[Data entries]
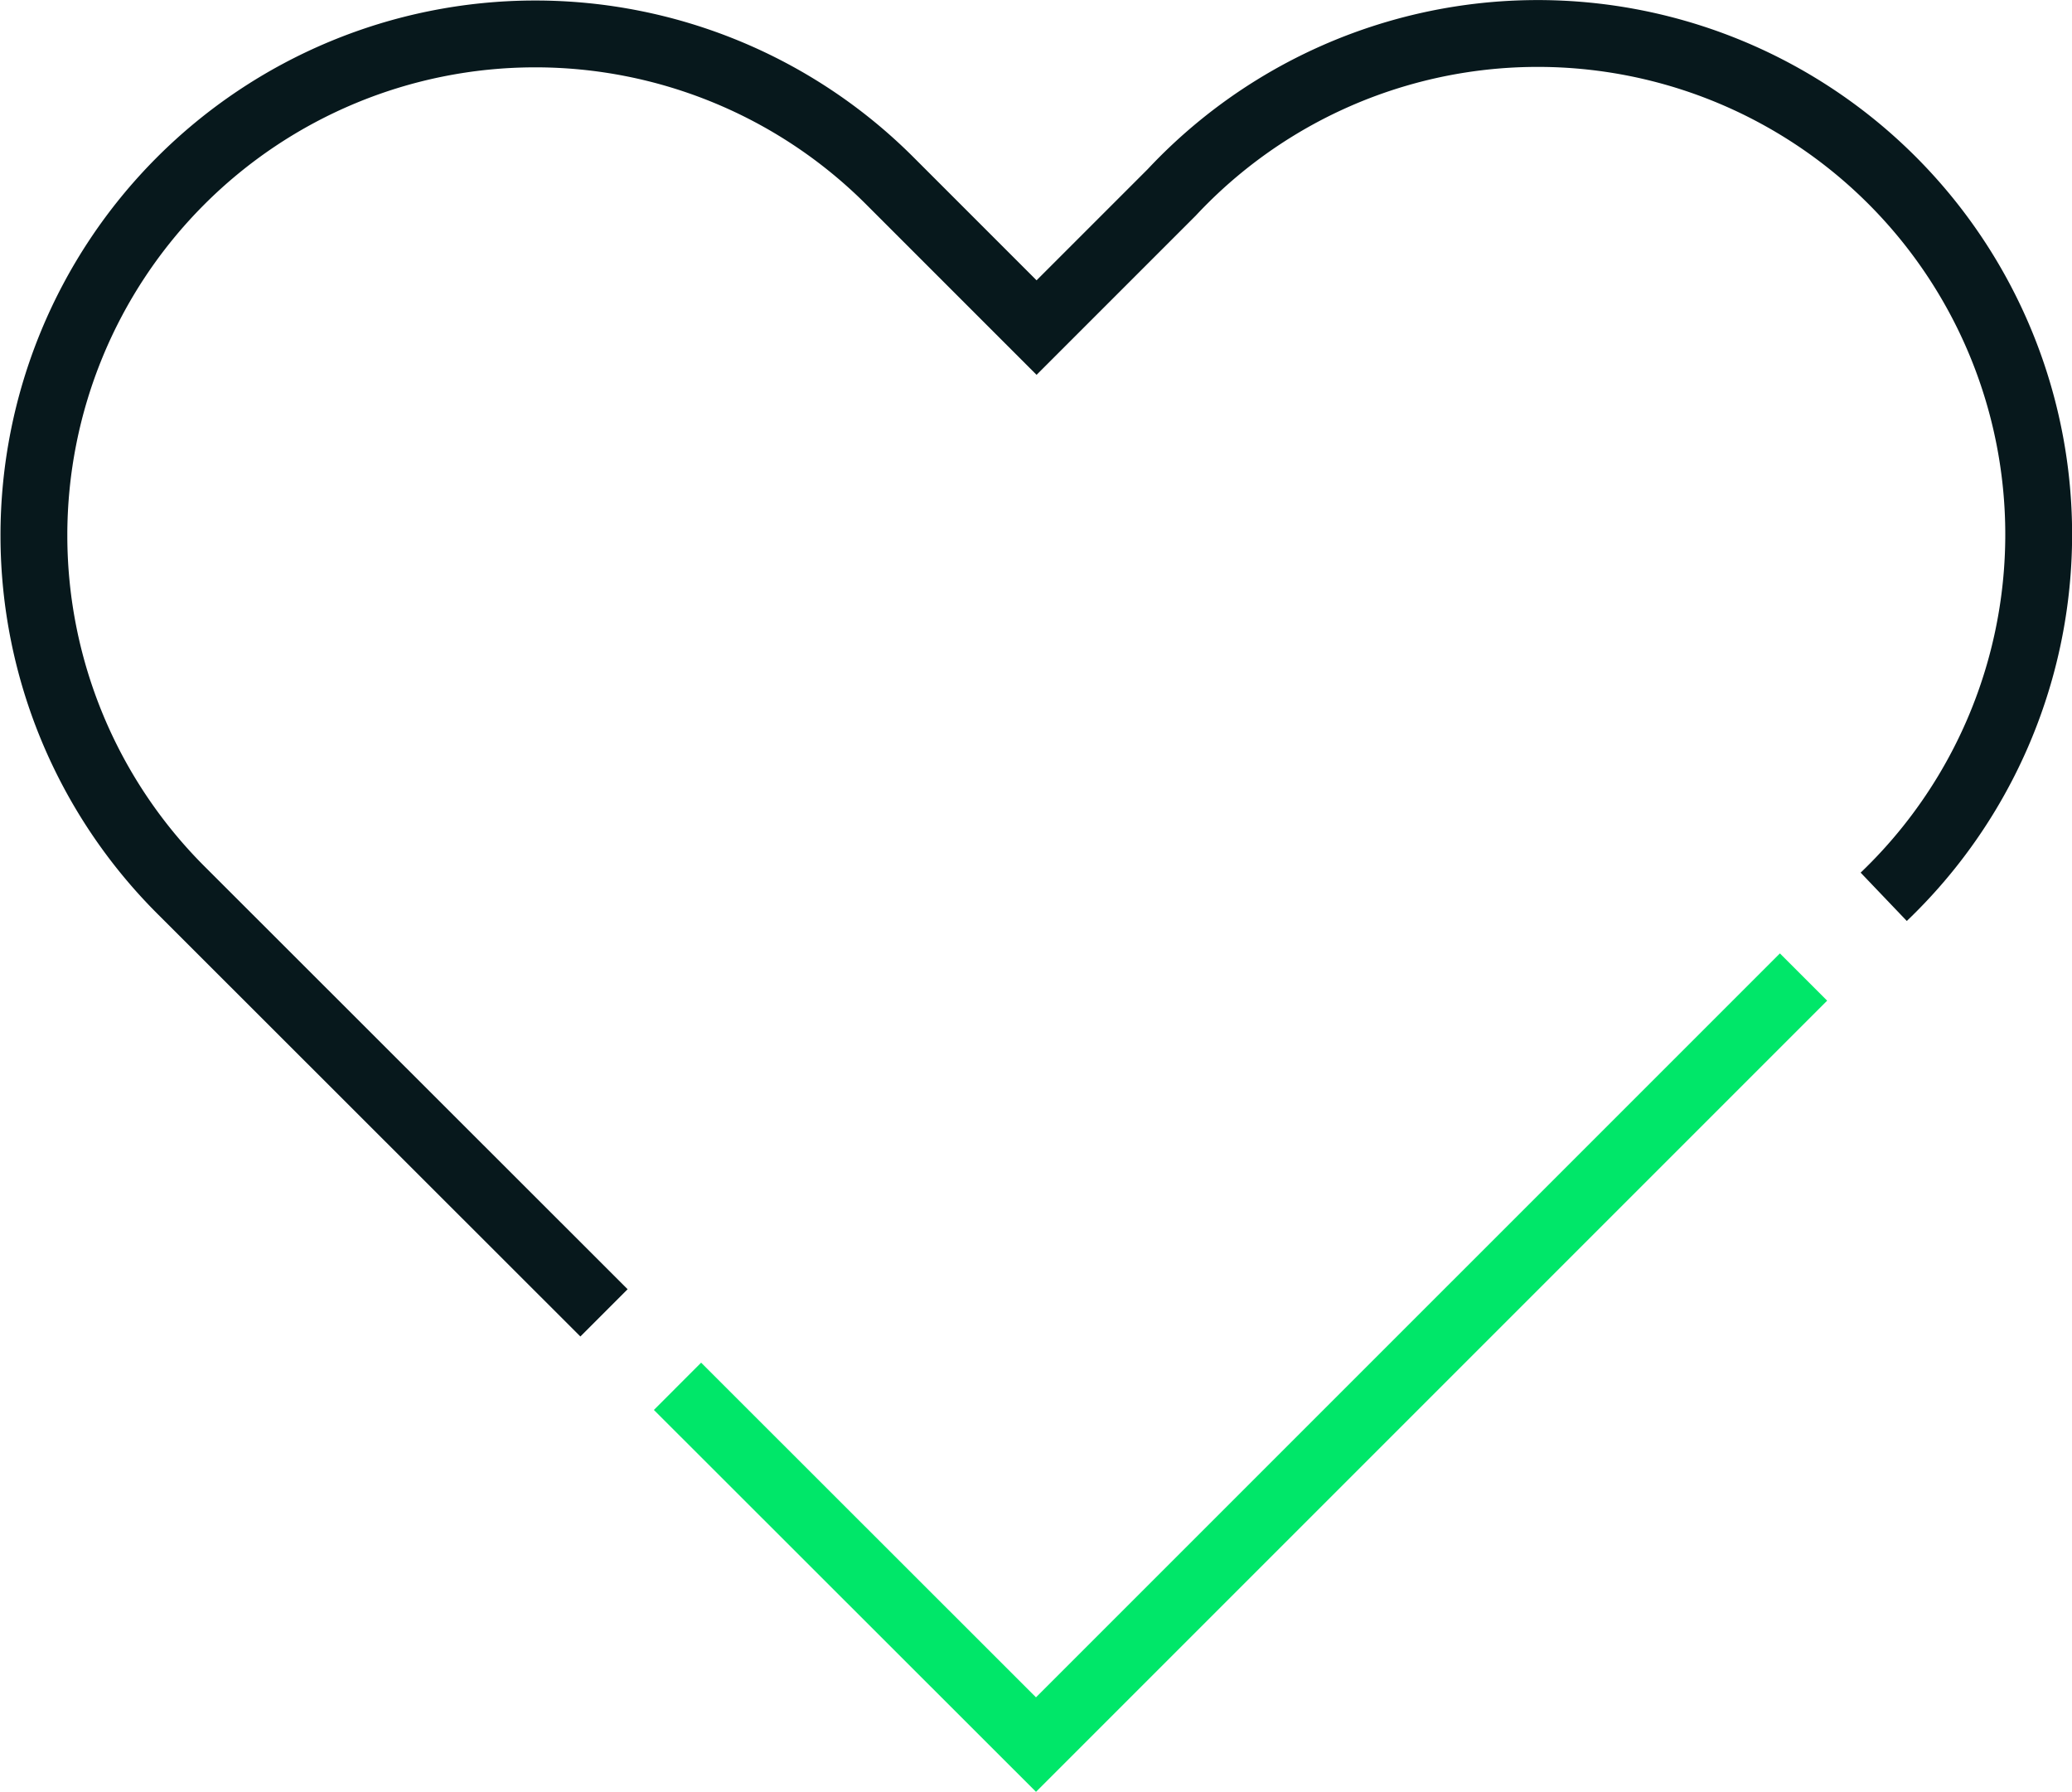 <svg xmlns="http://www.w3.org/2000/svg" width="62.012" height="53.623" viewBox="0 0 62.012 53.623">
  <title>Charitable Initiatives 
Light</title>
  <g>
    <polyline points="53.977 29.239 31.006 52.209 20.277 41.487" fill="none" stroke="#00e769" stroke-miterlimit="10" stroke-width="2"/>
    <path d="M18.077,39.289,5.427,26.648A15.005,15.005,0,1,1,26.613,5.393l4.41,4.41L35.07,5.756A14.993,14.993,0,1,1,56.377,26.838" fill="none" stroke="#07181c" stroke-miterlimit="10" stroke-width="2"/>
  </g>
</svg>
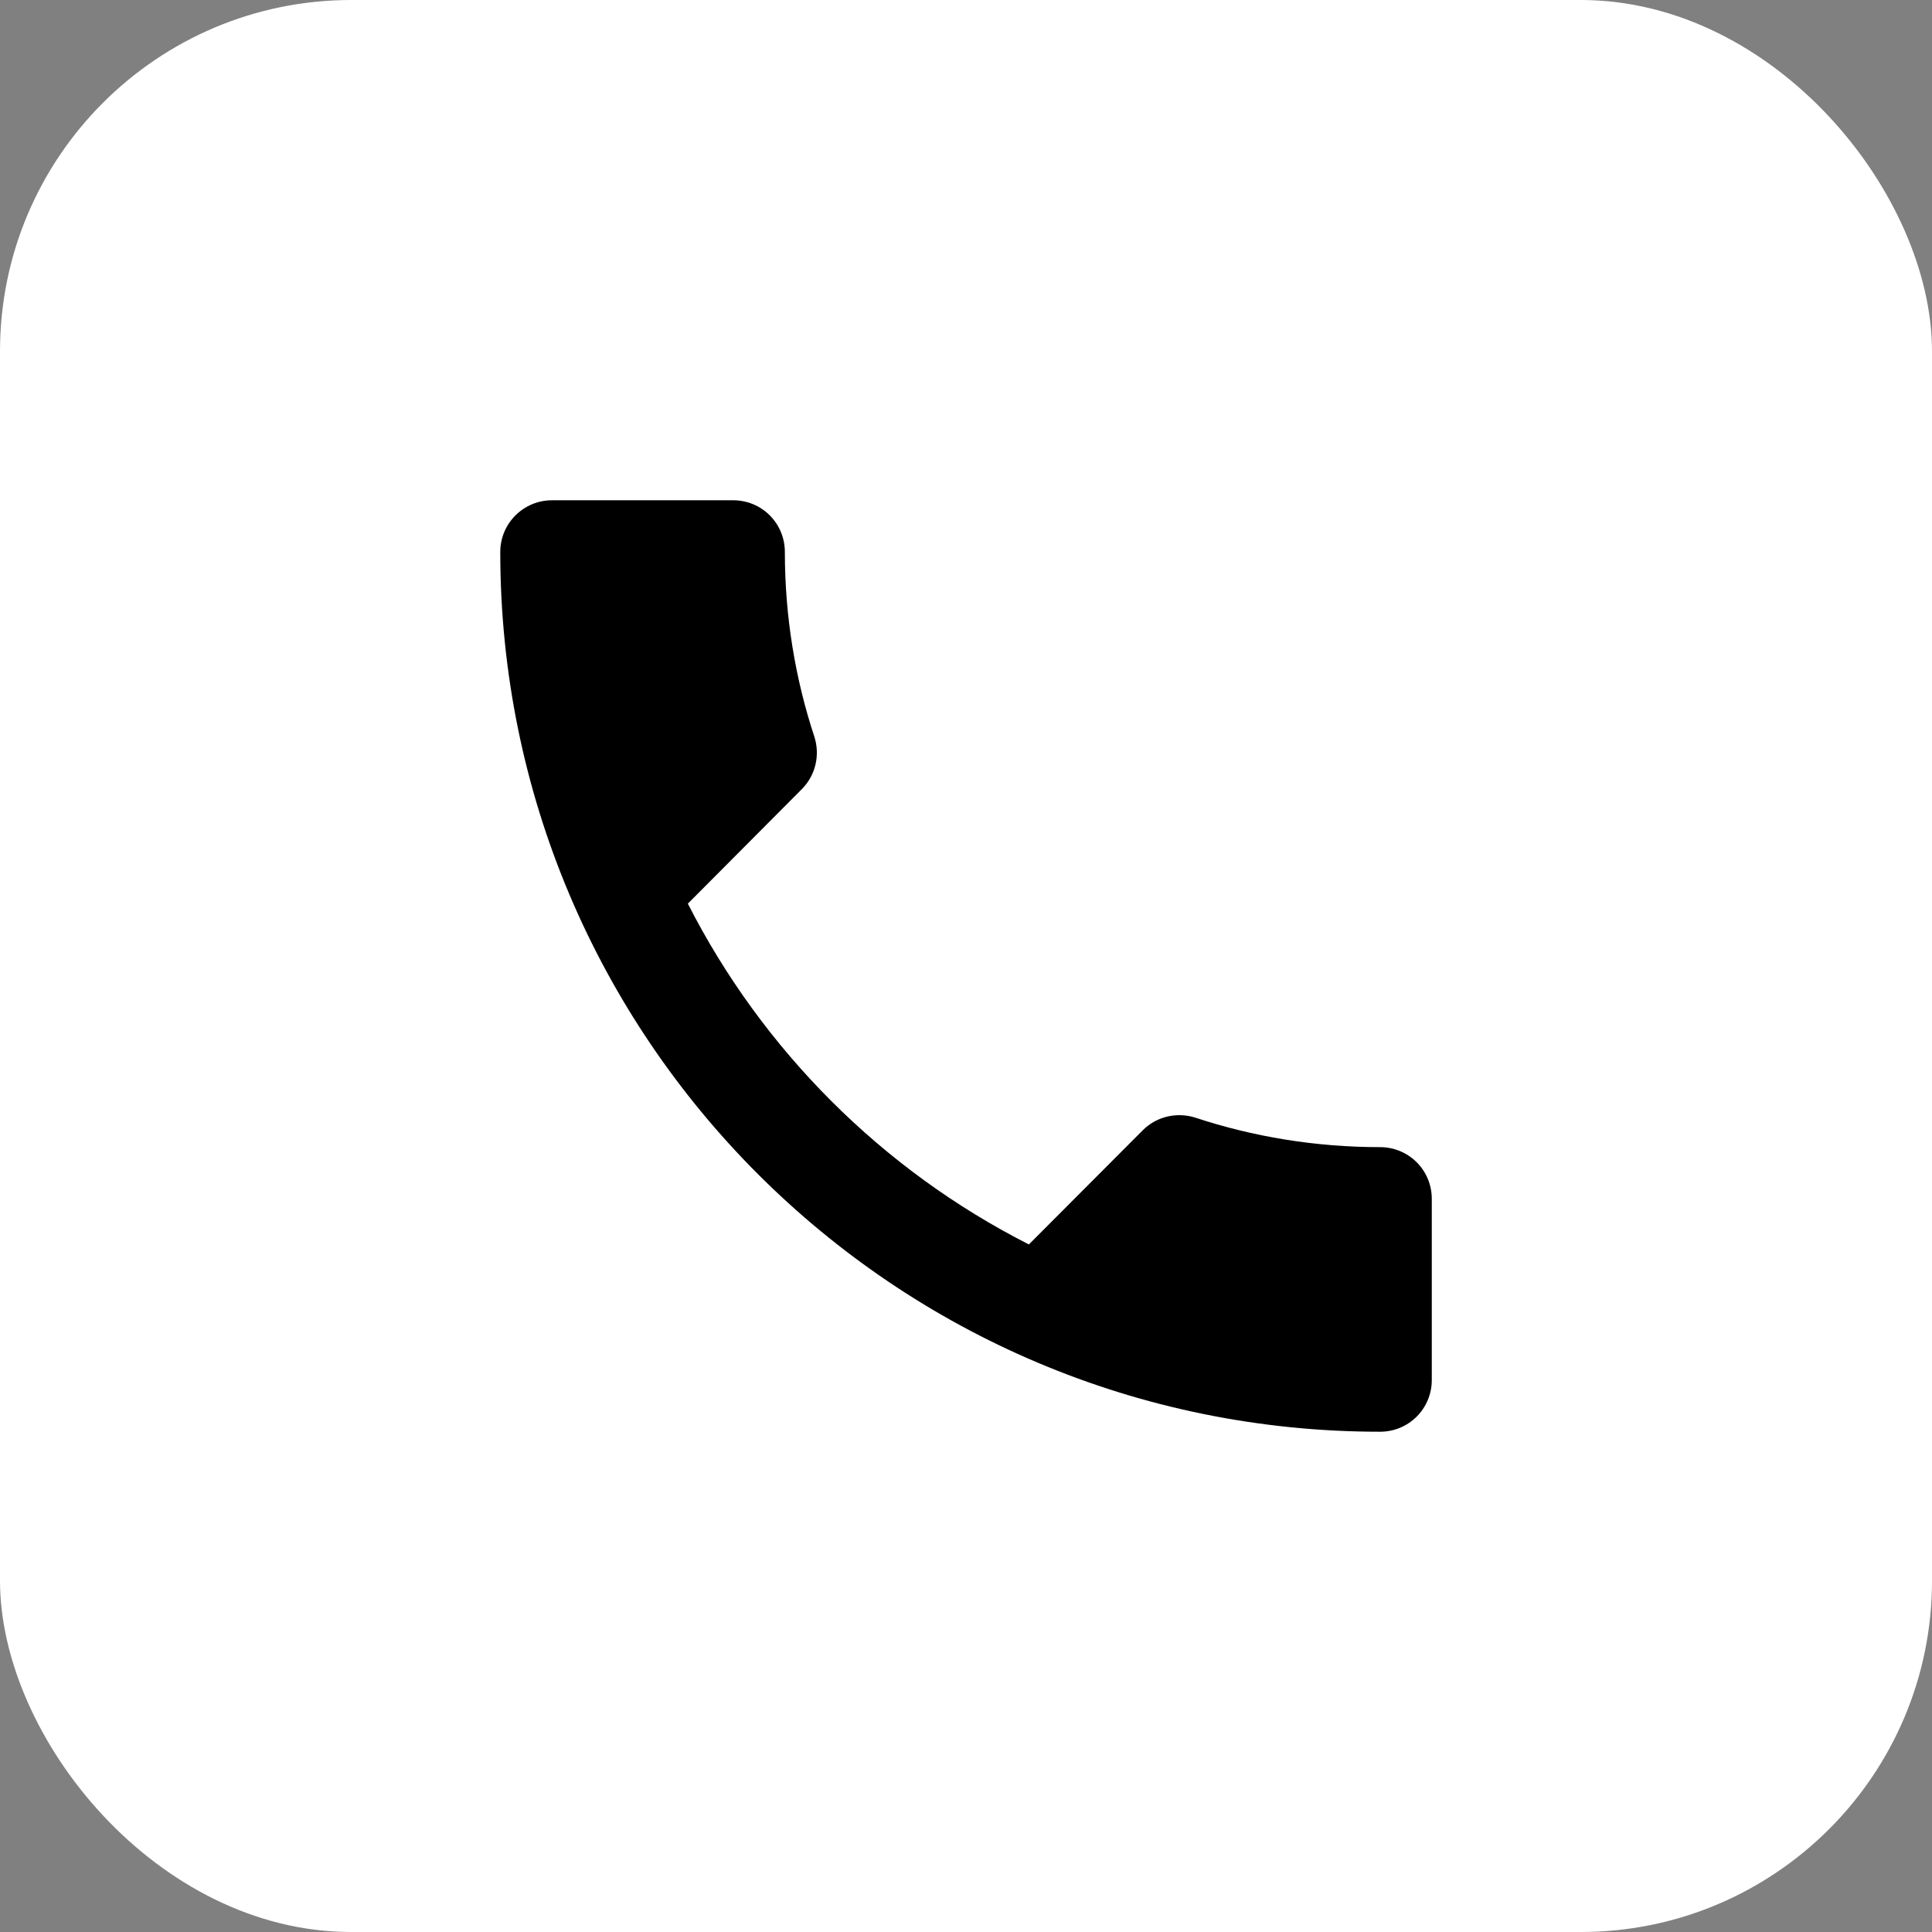 <svg xmlns="http://www.w3.org/2000/svg" width="33" height="33" viewBox="0 0 33 33" fill="none"><rect x="0" y="0" width="33" height="33" fill="#808080" stroke="none"/><rect width="33" height="33" rx="6" fill="white"></rect><g clip-path="url(#clip0_51_238)"><path d="M11.749 15.435C13.022 17.936 15.068 19.983 17.574 21.256L19.519 19.306C19.762 19.063 20.111 18.993 20.416 19.09C21.406 19.417 22.471 19.594 23.572 19.594C24.062 19.594 24.456 19.987 24.456 20.478V23.572C24.456 24.062 24.062 24.455 23.572 24.455C15.272 24.455 8.545 17.729 8.545 9.429C8.545 8.938 8.943 8.545 9.429 8.545H12.523C13.013 8.545 13.406 8.938 13.406 9.429C13.406 10.529 13.583 11.594 13.91 12.584C14.008 12.889 13.937 13.238 13.694 13.481L11.749 15.435Z" fill="black"></path></g><defs><clipPath id="clip0_51_238"><rect width="21.214" height="21.214" fill="white" transform="translate(5.893 5.893)"></rect></clipPath></defs></svg>

What the exercise asks: Give back each of the records above word for word, apart from the pictures.

Result of this task:
 <svg xmlns="http://www.w3.org/2000/svg" width="62.012" height="53.623" viewBox="0 0 62.012 53.623">
  <title>Charitable Initiatives 
Light</title>
  <g>
    <polyline points="53.977 29.239 31.006 52.209 20.277 41.487" fill="none" stroke="#00e769" stroke-miterlimit="10" stroke-width="2"/>
    <path d="M18.077,39.289,5.427,26.648A15.005,15.005,0,1,1,26.613,5.393l4.41,4.41L35.07,5.756A14.993,14.993,0,1,1,56.377,26.838" fill="none" stroke="#07181c" stroke-miterlimit="10" stroke-width="2"/>
  </g>
</svg>
 <svg xmlns="http://www.w3.org/2000/svg" width="33" height="33" viewBox="0 0 33 33" fill="none"><rect x="0" y="0" width="33" height="33" fill="#808080" stroke="none"/><rect width="33" height="33" rx="6" fill="white"></rect><g clip-path="url(#clip0_51_238)"><path d="M11.749 15.435C13.022 17.936 15.068 19.983 17.574 21.256L19.519 19.306C19.762 19.063 20.111 18.993 20.416 19.09C21.406 19.417 22.471 19.594 23.572 19.594C24.062 19.594 24.456 19.987 24.456 20.478V23.572C24.456 24.062 24.062 24.455 23.572 24.455C15.272 24.455 8.545 17.729 8.545 9.429C8.545 8.938 8.943 8.545 9.429 8.545H12.523C13.013 8.545 13.406 8.938 13.406 9.429C13.406 10.529 13.583 11.594 13.91 12.584C14.008 12.889 13.937 13.238 13.694 13.481L11.749 15.435Z" fill="black"></path></g><defs><clipPath id="clip0_51_238"><rect width="21.214" height="21.214" fill="white" transform="translate(5.893 5.893)"></rect></clipPath></defs></svg>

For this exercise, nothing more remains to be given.